"Wieder Lust auf Nachwuchs", freute sich die stets positiv gestimmte Süddeutsche Zeitung. Mit gutem Grund: "Frauen bekommen so viele Kinder wie seit 1990 nicht", hieß es unter Bezugnahme auf eine Pressemitteilung des Statistischen Bundesamtes. Zwei Wochen nach der Nachricht, Deutschland habe die wenigstens Kinder Europas, eine besonders gern gedruckte News: "678.000 Kinder kamen in Deutschland im vergangenen Jahr zur Welt", meldet auch die "Welt". Während die Politik über Elterngeld und Kita-Plätze streite, um das Kinderkriegen wieder attraktiver zu machen, schüfen "die Frauen in Deutschland Tatsachen" und sie brächten nun einfach "wieder mehr Kinder zur Welt".

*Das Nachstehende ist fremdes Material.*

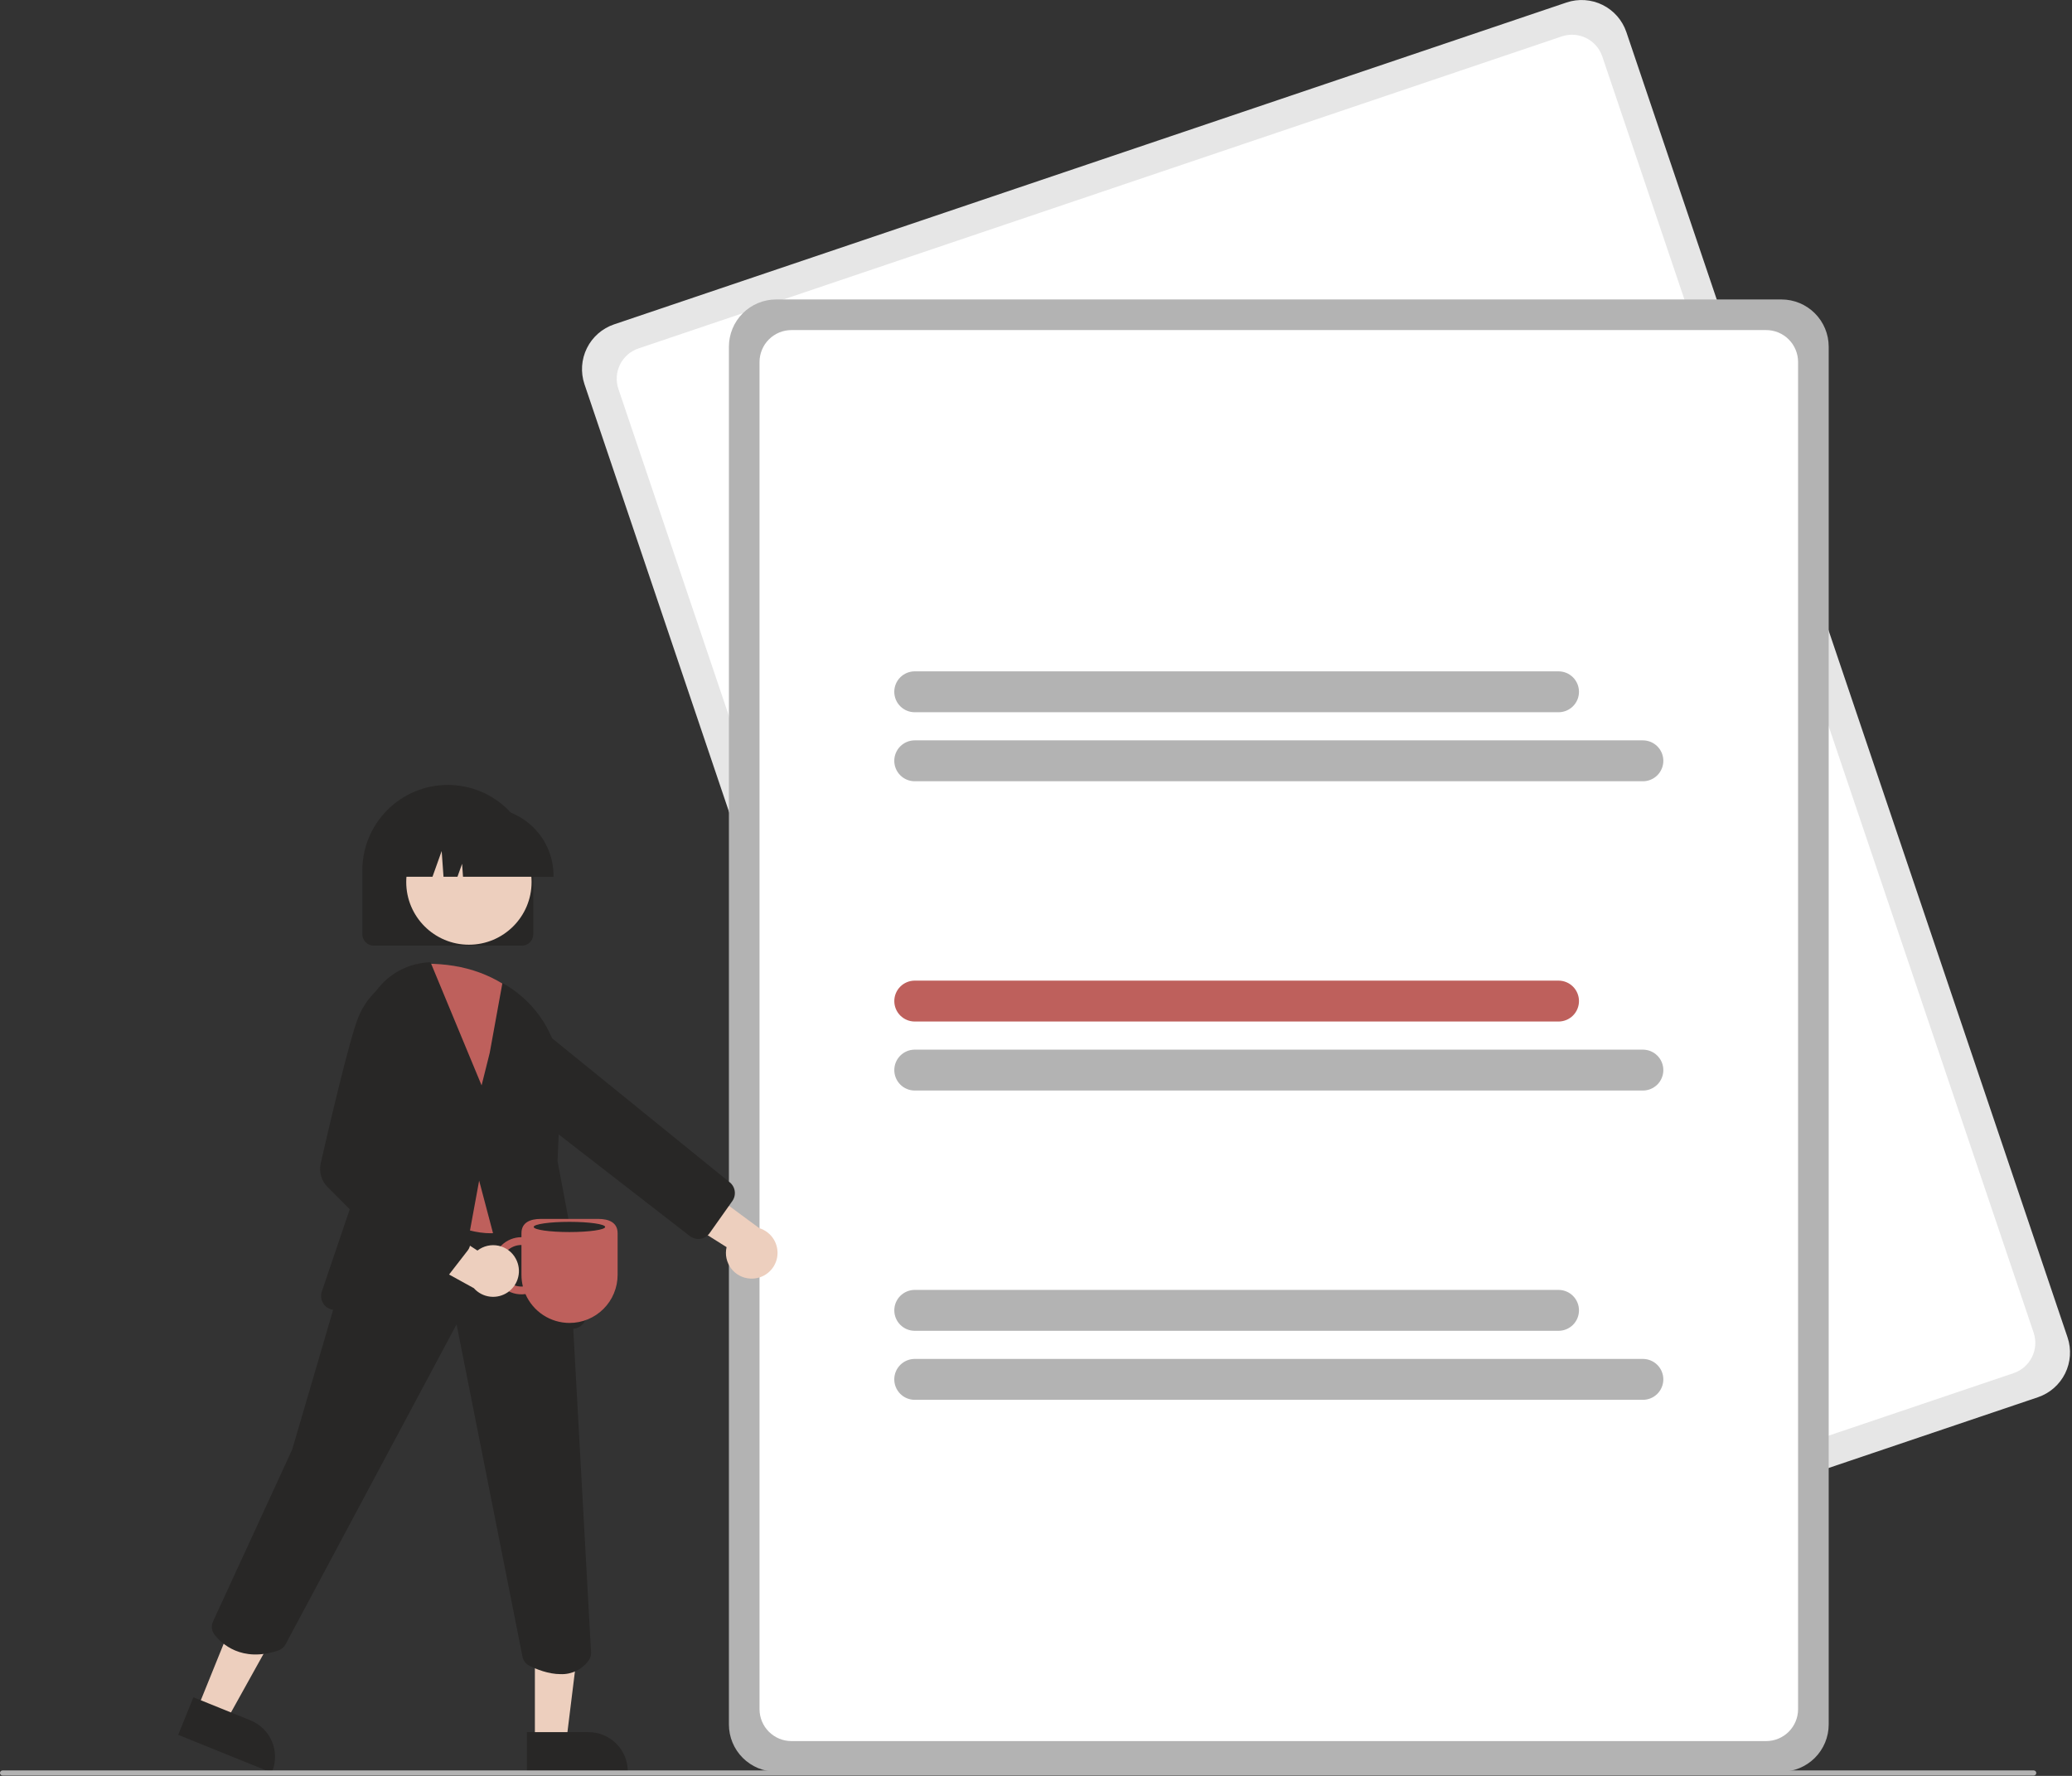 <?xml version="1.0" encoding="UTF-8"?> <svg xmlns="http://www.w3.org/2000/svg" width="812" height="696" viewBox="0 0 812 696" fill="none"><rect x="0" y="0" width="812" height="696" fill="#333333" stroke="none"/> <g clip-path="url(#clip0_1530_161)"> <path d="M798.655 547.6L425.397 673.751C420.748 675.316 415.669 674.974 411.273 672.799C406.877 670.624 403.523 666.793 401.947 662.149L229.049 150.576C227.484 145.928 227.827 140.848 230.002 136.452C232.177 132.056 236.007 128.702 240.652 127.127L613.911 0.975C618.559 -0.59 623.638 -0.247 628.035 1.928C632.431 4.103 635.784 7.933 637.36 12.578L810.258 524.151C811.823 528.799 811.48 533.878 809.305 538.274C807.13 542.671 803.3 546.024 798.655 547.6V547.6Z" fill="#E6E6E6"></path> <path d="M789.129 538.153L427.239 660.462C424.098 661.52 420.666 661.288 417.695 659.818C414.725 658.349 412.459 655.761 411.394 652.622L242.339 152.418C241.281 149.277 241.513 145.845 242.982 142.875C244.452 139.905 247.04 137.639 250.179 136.574L612.069 14.265C615.209 13.207 618.642 13.439 621.612 14.908C624.582 16.378 626.848 18.966 627.913 22.105L796.969 522.309C798.026 525.449 797.795 528.882 796.325 531.852C794.855 534.822 792.267 537.088 789.129 538.153V538.153Z" fill="white"></path> <path d="M698.153 694.363H304.153C299.249 694.358 294.546 692.407 291.078 688.939C287.61 685.471 285.659 680.768 285.653 675.863V135.863C285.659 130.959 287.61 126.256 291.078 122.788C294.546 119.32 299.249 117.369 304.153 117.363H698.153C703.058 117.369 707.76 119.32 711.229 122.788C714.697 126.256 716.648 130.959 716.653 135.863V675.863C716.648 680.768 714.697 685.471 711.229 688.939C707.76 692.407 703.058 694.358 698.153 694.363V694.363Z" fill="#B3B3B3"></path> <path d="M692.153 682.363H310.153C306.839 682.36 303.662 681.041 301.319 678.698C298.975 676.355 297.657 673.177 297.653 669.863V141.863C297.657 138.549 298.975 135.372 301.319 133.029C303.662 130.685 306.839 129.367 310.153 129.363H692.153C695.467 129.367 698.645 130.685 700.988 133.029C703.331 135.372 704.65 138.549 704.653 141.863V669.863C704.65 673.177 703.331 676.355 700.988 678.698C698.645 681.041 695.467 682.36 692.153 682.363V682.363Z" fill="white"></path> <path d="M610.775 279.14H358.473C356.348 279.14 354.309 278.296 352.806 276.793C351.303 275.29 350.459 273.252 350.459 271.126C350.459 269.001 351.303 266.962 352.806 265.459C354.309 263.956 356.348 263.112 358.473 263.112H610.775C612.9 263.112 614.939 263.956 616.442 265.459C617.945 266.962 618.789 269.001 618.789 271.126C618.789 273.252 617.945 275.29 616.442 276.793C614.939 278.296 612.9 279.14 610.775 279.14Z" fill="#B3B3B3"></path> <path d="M643.833 306.188H358.473C357.421 306.188 356.379 305.981 355.406 305.578C354.434 305.175 353.55 304.585 352.806 303.841C352.062 303.096 351.472 302.213 351.069 301.241C350.666 300.268 350.459 299.226 350.459 298.174C350.459 297.121 350.666 296.079 351.069 295.107C351.472 294.135 352.062 293.251 352.806 292.507C353.55 291.763 354.434 291.172 355.406 290.77C356.379 290.367 357.421 290.16 358.473 290.16H643.833C645.958 290.16 647.997 291.004 649.5 292.507C651.003 294.01 651.847 296.048 651.847 298.174C651.847 300.299 651.003 302.338 649.5 303.841C647.997 305.344 645.958 306.188 643.833 306.188V306.188Z" fill="#B3B3B3"></path> <path d="M610.776 400.354H358.474C356.35 400.351 354.314 399.506 352.813 398.003C351.312 396.501 350.469 394.464 350.469 392.34C350.469 390.216 351.312 388.179 352.813 386.676C354.314 385.173 356.35 384.328 358.474 384.325H610.776C612.901 384.325 614.94 385.17 616.443 386.673C617.945 388.176 618.79 390.214 618.79 392.34C618.79 394.465 617.945 396.503 616.443 398.006C614.94 399.509 612.901 400.354 610.776 400.354Z" fill="#BE605C"></path> <path d="M643.834 427.401H358.474C356.35 427.399 354.314 426.554 352.813 425.051C351.312 423.548 350.469 421.511 350.469 419.387C350.469 417.263 351.312 415.226 352.813 413.724C354.314 412.221 356.35 411.375 358.474 411.373H643.834C645.959 411.373 647.998 412.217 649.501 413.72C651.004 415.223 651.848 417.262 651.848 419.387C651.848 421.513 651.004 423.551 649.501 425.054C647.998 426.557 645.959 427.401 643.834 427.401V427.401Z" fill="#B3B3B3"></path> <path d="M610.776 521.567H358.474C356.35 521.565 354.314 520.719 352.813 519.217C351.312 517.714 350.469 515.677 350.469 513.553C350.469 511.429 351.312 509.392 352.813 507.889C354.314 506.387 356.35 505.541 358.474 505.539H610.776C612.901 505.539 614.94 506.383 616.443 507.886C617.945 509.389 618.79 511.428 618.79 513.553C618.79 515.679 617.945 517.717 616.443 519.22C614.94 520.723 612.901 521.567 610.776 521.567Z" fill="#B3B3B3"></path> <path d="M643.833 548.615H358.473C356.348 548.615 354.309 547.77 352.806 546.268C351.303 544.765 350.459 542.726 350.459 540.601C350.459 538.475 351.303 536.437 352.806 534.934C354.309 533.431 356.348 532.587 358.473 532.587H643.833C645.958 532.587 647.997 533.431 649.5 534.934C651.003 536.437 651.847 538.475 651.847 540.601C651.847 542.726 651.003 544.765 649.5 546.268C647.997 547.77 645.958 548.615 643.833 548.615V548.615Z" fill="#B3B3B3"></path> <path d="M204.492 370.627H146.492C145.299 370.626 144.155 370.151 143.312 369.308C142.468 368.464 141.994 367.32 141.992 366.127V341.127C141.992 332.243 145.522 323.722 151.804 317.439C158.087 311.157 166.607 307.627 175.492 307.627C184.377 307.627 192.898 311.157 199.18 317.439C205.463 323.722 208.992 332.243 208.992 341.127V366.127C208.991 367.32 208.516 368.464 207.673 369.308C206.829 370.151 205.685 370.626 204.492 370.627Z" fill="#282726"></path> <path d="M294.011 501.099C292.543 501.023 291.109 500.625 289.811 499.934C288.513 499.244 287.383 498.277 286.499 497.102C285.615 495.928 285 494.573 284.696 493.135C284.392 491.697 284.408 490.209 284.741 488.777L254.516 469.714L271.432 462.055L297.541 481.332C299.91 482.052 301.932 483.615 303.225 485.725C304.517 487.836 304.991 490.348 304.556 492.784C304.121 495.221 302.807 497.413 300.863 498.945C298.92 500.478 296.481 501.244 294.011 501.099V501.099Z" fill="#EDCFBE"></path> <path d="M273.153 485.546C272.125 485.451 271.146 485.062 270.333 484.427L187.183 419.976L176.463 400.909C175.426 399.075 174.96 396.973 175.125 394.872C175.291 392.772 176.08 390.768 177.391 389.119V389.119C178.299 387.972 179.434 387.026 180.724 386.338C182.015 385.651 183.434 385.237 184.892 385.124C186.35 385.011 187.815 385.2 189.197 385.679C190.578 386.159 191.846 386.919 192.92 387.911L285.6 463.081C286.199 463.486 286.712 464.007 287.107 464.613C287.503 465.219 287.773 465.898 287.902 466.61C288.032 467.322 288.018 468.053 287.861 468.759C287.704 469.466 287.408 470.134 286.989 470.724L278.104 483.271C277.682 483.872 277.141 484.38 276.516 484.765C275.89 485.15 275.193 485.402 274.466 485.508C274.032 485.572 273.591 485.585 273.153 485.546V485.546Z" fill="#282726"></path> <path d="M77.194 670.074L88.559 674.673L111.704 633.026L94.931 626.239L77.194 670.074Z" fill="#EDCFBE"></path> <path d="M75.797 665.191L98.178 674.247L98.179 674.247C100.052 675.005 101.757 676.124 103.198 677.542C104.638 678.959 105.785 680.645 106.574 682.506C107.362 684.366 107.776 686.364 107.793 688.384C107.809 690.405 107.428 692.409 106.67 694.282L106.482 694.745L69.838 679.917L75.797 665.191Z" fill="#282726"></path> <path d="M209.619 682.861L221.879 682.86L227.712 635.572L209.617 635.573L209.619 682.861Z" fill="#EDCFBE"></path> <path d="M206.492 678.858L230.636 678.857H230.637C232.658 678.857 234.658 679.255 236.525 680.029C238.392 680.802 240.088 681.935 241.517 683.364C242.946 684.793 244.079 686.489 244.852 688.356C245.626 690.222 246.023 692.223 246.023 694.244V694.744L206.493 694.745L206.492 678.858Z" fill="#282726"></path> <path d="M219.72 656.127C214.85 656.127 210.075 654.142 207.44 652.822C206.757 652.484 206.161 651.994 205.698 651.388C205.235 650.783 204.917 650.079 204.77 649.331L178.928 519.046L111.888 644.477C111.286 645.605 110.273 646.459 109.058 646.862C94.62 651.687 86.745 644.096 84.029 640.61C83.476 639.894 83.132 639.041 83.033 638.142C82.935 637.244 83.086 636.335 83.471 635.517L114.519 568.066L133.293 503.994L152.269 457.103L152.683 457.148L216.138 463.827L223.854 506.262L231.624 647.556C231.693 648.682 231.373 649.798 230.716 650.715C229.473 652.456 227.819 653.862 225.9 654.806C223.98 655.751 221.857 656.205 219.72 656.127V656.127Z" fill="#282726"></path> <path d="M183.76 370.247C197.325 370.247 208.321 359.251 208.321 345.686C208.321 332.122 197.325 321.125 183.76 321.125C170.196 321.125 159.199 332.122 159.199 345.686C159.199 359.251 170.196 370.247 183.76 370.247Z" fill="#EDCFBE"></path> <path d="M192.302 483.333C181.609 483.333 168.379 477.074 152.841 464.644L152.576 464.431L163.562 377.767L164.075 377.748C179.788 377.18 192.575 381.17 203.162 389.975L203.253 390.069L211.837 401.106L211.841 401.308L213.051 469.096L213.021 469.192C211.884 472.294 210.049 475.094 207.659 477.375C205.269 479.656 202.386 481.358 199.234 482.349C196.984 483.015 194.648 483.346 192.302 483.333V483.333Z" fill="#BE605C"></path> <path d="M208.117 523.848C206.916 523.845 205.75 523.448 204.799 522.716C203.847 521.984 203.163 520.959 202.853 519.799L187.772 462.709L178.219 514.721C177.968 516.102 177.193 517.331 176.055 518.152C174.918 518.974 173.507 519.323 172.118 519.127L130.518 513.321C129.725 513.211 128.966 512.927 128.295 512.489C127.625 512.051 127.06 511.471 126.639 510.789C126.219 510.108 125.955 509.342 125.865 508.546C125.775 507.751 125.861 506.945 126.119 506.187L147.161 444.166L142.451 407.828C141.966 404.086 142.264 400.284 143.327 396.664C144.39 393.044 146.195 389.684 148.626 386.799C151.057 383.913 154.061 381.565 157.449 379.903C160.836 378.241 164.532 377.301 168.302 377.144L168.723 377.127L188.732 425.384L191.915 412.655L196.895 385.255L197.639 385.686C204.67 389.74 210.451 395.648 214.351 402.765C218.251 409.883 220.12 417.935 219.753 426.042L218.491 455.062L229.67 514.313C229.935 515.729 229.628 517.192 228.817 518.382C228.006 519.572 226.757 520.393 225.343 520.665L209.129 523.752C208.795 523.816 208.456 523.848 208.117 523.848Z" fill="#282726"></path> <path d="M216.918 343.627H181.452L181.089 338.536L179.27 343.627H173.809L173.089 333.536L169.485 343.627H158.918V343.127C158.926 336.102 161.72 329.366 166.688 324.398C171.656 319.43 178.392 316.635 185.418 316.627H190.418C197.444 316.635 204.18 319.43 209.148 324.398C214.116 329.366 216.91 336.102 216.918 343.127V343.627Z" fill="#282726"></path> <path d="M797 695.863H1C0.735 695.863 0.48 695.758 0.293 695.57C0.105 695.383 0 695.129 0 694.863C0 694.598 0.105 694.344 0.293 694.156C0.48 693.969 0.735 693.863 1 693.863H797C797.265 693.863 797.52 693.969 797.707 694.156C797.895 694.344 798 694.598 798 694.863C798 695.129 797.895 695.383 797.707 695.57C797.52 695.758 797.265 695.863 797 695.863Z" fill="#B3B3B3"></path> <path d="M193.153 496.079C193.152 497.683 193.495 499.269 194.16 500.729C194.824 502.188 195.795 503.488 197.006 504.54C198.217 505.592 199.64 506.371 201.179 506.824C202.717 507.278 204.335 507.396 205.923 507.169C207.388 510.532 209.803 513.393 212.871 515.403C215.939 517.413 219.528 518.483 223.195 518.483V518.483C225.669 518.483 228.119 517.996 230.405 517.049C232.691 516.103 234.768 514.715 236.517 512.965C238.267 511.216 239.654 509.139 240.601 506.853C241.548 504.568 242.035 502.118 242.035 499.644V483.32C242.035 479.118 238.629 477.712 234.428 477.712H211.963C207.762 477.712 204.355 479.118 204.355 483.32V484.877C201.385 484.88 198.538 486.062 196.438 488.162C194.338 490.262 193.157 493.109 193.153 496.079V496.079ZM196.208 496.079C196.211 493.919 197.07 491.848 198.597 490.321C200.125 488.794 202.195 487.935 204.355 487.932V499.644C204.355 501.179 204.543 502.708 204.913 504.198C204.728 504.211 204.544 504.226 204.355 504.226C202.195 504.224 200.125 503.365 198.597 501.837C197.07 500.31 196.211 498.239 196.208 496.079H196.208Z" fill="#BE605C"></path> <path d="M202.174 493.386C201.491 492.084 200.531 490.948 199.361 490.058C198.191 489.168 196.84 488.545 195.404 488.233C193.967 487.921 192.479 487.928 191.046 488.253C189.612 488.579 188.267 489.214 187.106 490.116L157.153 470.627L157.268 489.196L185.694 504.856C187.337 506.707 189.602 507.891 192.06 508.183C194.518 508.475 196.997 507.855 199.029 506.441C201.06 505.028 202.503 502.918 203.082 500.511C203.662 498.105 203.339 495.57 202.174 493.386H202.174Z" fill="#EDCFBE"></path> <path d="M169.742 504.72C168.548 504.72 167.404 504.245 166.56 503.401L128.42 465.261C127.201 464.051 126.312 462.549 125.836 460.898C125.361 459.247 125.315 457.503 125.703 455.829C128.967 441.556 136.923 407.453 140.282 399.056C142.733 392.742 147.271 387.456 153.141 384.077L153.291 384.002L165.365 386.233L166.43 423.477L151.844 454.732L182.858 484.009C183.674 484.774 184.174 485.817 184.261 486.933C184.347 488.048 184.014 489.156 183.326 490.038L173.299 502.976C172.907 503.481 172.413 503.897 171.849 504.196C171.284 504.495 170.662 504.671 170.025 504.711C169.931 504.717 169.836 504.72 169.742 504.72Z" fill="#282726"></path> <path d="M223.153 482.863C230.885 482.863 237.153 481.968 237.153 480.863C237.153 479.759 230.885 478.863 223.153 478.863C215.421 478.863 209.153 479.759 209.153 480.863C209.153 481.968 215.421 482.863 223.153 482.863Z" fill="#282726"></path> </g> <defs> <clipPath id="clip0_1530_161"> <rect width="811.233" height="695.863" fill="white"></rect> </clipPath> </defs> </svg>

Zumindest, wenn ein spitzer Bleistift und viel guter Wille zur Hand sind. Denn die Zahlen allein geben keinerlei Grund, in Jubelarien auszubrechen. Um das tun zu können, braucht es vielmehr viel guten Willen: So ist eine Voraussetzung die, sich von der Betrachtung der absoluten Zahl der Neugeborenen zu lösen und stattdessen nur die durchschnittliche Kinderzahl je Frau anzuschauen. Die lag im vergangenen Jahr bei 1,39 und damit in der Tat "so hoch wie seit 1990 nicht mehr".
Komischerweise aber gab es 1990 rund 900.000 Neugeborene, 2010 aber nur etwa 678.000. Sogar im ersten Nachkriegsjahr 1946 lag die Geburtenzahl mit rund 922 000 um 27 Prozent höher als in dem Jahr, das die Qualitätspresse zum einstimmigen Vorjubeln verleitete: "Geburtenrate steigt auf 20-Jahres-Hoch" feiert der "Spiegel", "Wieder mehr Babys in Deutschland geboren" assistiert die Tagesschau.
Von wegen, Deutschland schafft sich ab! Nach nur 665.000 Geburten anno 2009 sind 678.000 fast zwei Prozent mehr! Zwar weniger als nach den Halbjahreszahlen zu erwarten war, als der durchweg mit Spitzenkräften besetzte "Stern" die Frage herbeifantasierte "Stirbt Deutschland vielleicht doch nicht aus?" Aber immerhin. Fast wieder der Wert von 2008, als noch 682.000 Geburten verzeichnetet wurden, und nur einen Zahlendreher entfernt von 2007, als es 687.000 waren.
Der neue Rekord ist so gesehen einer, der für ganze zwei Jahre Gültigkeit hat. Wenn das für ein hochkarätiges Spitzenblatt wie die "Zeit"nach ausreichend Grund für einen Leadsatz wie "Die Zahl der Geburten war im letzten Jahr die höchste seit 1990" ist, was denn dann? Auch die "Welt" freut sich grundlos: "678.000 Kinder kamen in Deutschland im vergangenen Jahr zur Welt – so viele wie lange nicht mehr". Und alle anderen machen mit: Einfach mal Geburtenzahl und Geburtenrate verwechseln, dann ein bisschen schwadronieren und schon ist der Leser beruhigt: 375 Schlagzeilen (laut Google News) können gar nicht irren.